Bu hücrelerin hepsi tek tek ve küme halinde belli kümelerin içindeki gizli birimlerin çizdiği bir çerçevede çalışmaktadır. Bunlar insan türünün sicili ve atalarının özelliklerini koruyan genetik bilimlerdir. Mesela göz hücresi bölünüp çoğalırken gözü oluşturmaya çalışır. Bununla beraber bu eylem sırasında gözün belli bir şeklini ve belirlenmiş özelliklerini de korumaya çalışır. İşte bu işlem meydana gelen gözün herhangi bir hayvanın gözü değil, bir insan gözü olmasını sağlar. Bu gözün şekli veya özellikleri açısından özdeki en ufak bir sapma onu belirlenmiş çizginin dışına çıkarır. Peki hücreye bu gücü yerleştiren ve onu bu şekilde yöneten kimdir acaba? Aklı, kavrayışı, iradesi ve gücü olmayan bu basit hücreye tüm bunları programlayan kimdir? Şüphesiz o yüce Allah’tır. Bir gözün veya bir gözün bir parçasının kendisine havale edildiği durumda onu yapmaktan aciz olan bütün insanlığı dize getiren bu bilgiyi Allah İşte bu hücreye vermiştir. Böylece tüm insanlığın karşısında aciz düştüğü bu büyük işlemi bir tek hücre veya basit birkaç hücre yapabilme gücüne ulaşmıştır.
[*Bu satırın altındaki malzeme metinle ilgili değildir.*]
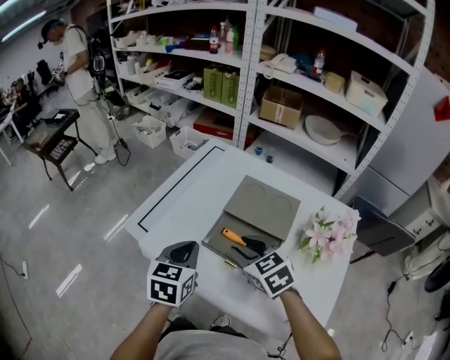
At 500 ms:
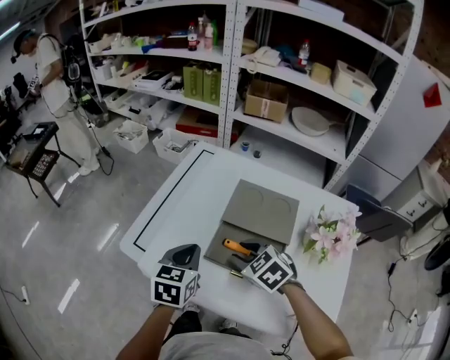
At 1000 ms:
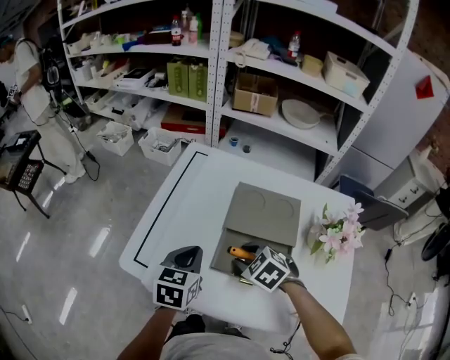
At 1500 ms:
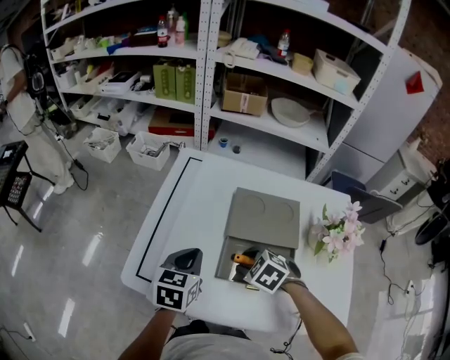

Fışkıran su ile konuşan insan arasındaki Hayret verici uzun yolculuğun bu kısa ve hızlı gözden geçirilmesinin ardında insan organizmasında yer alan spermlerin ve organların özelliklerindeki Hayret verici akılları durduran düzeni yapıyı ve işlemi saymakla bitiremeyiz. Fizilal’in metoduna göre onları daha fazla detaylandırma imkanımızda yoktur… İşte bunların hepsi ilahi tedbir ve takdire tanıklık etmektedir. Koruyan, yol gösteren ve yardım dileyen eli göstermektedir. Adına göğe ve yıldıza yemin edilen birinci gerçeği pekiştirmektedir. Ayrıca ardından gelen gerçeğe, müşriklerin bu sureyle ilk defa muhatab olanların kabul etmeyip inanmadıkları ahiretteki diriliş gerçeğine bir geçiş niteliğindedir.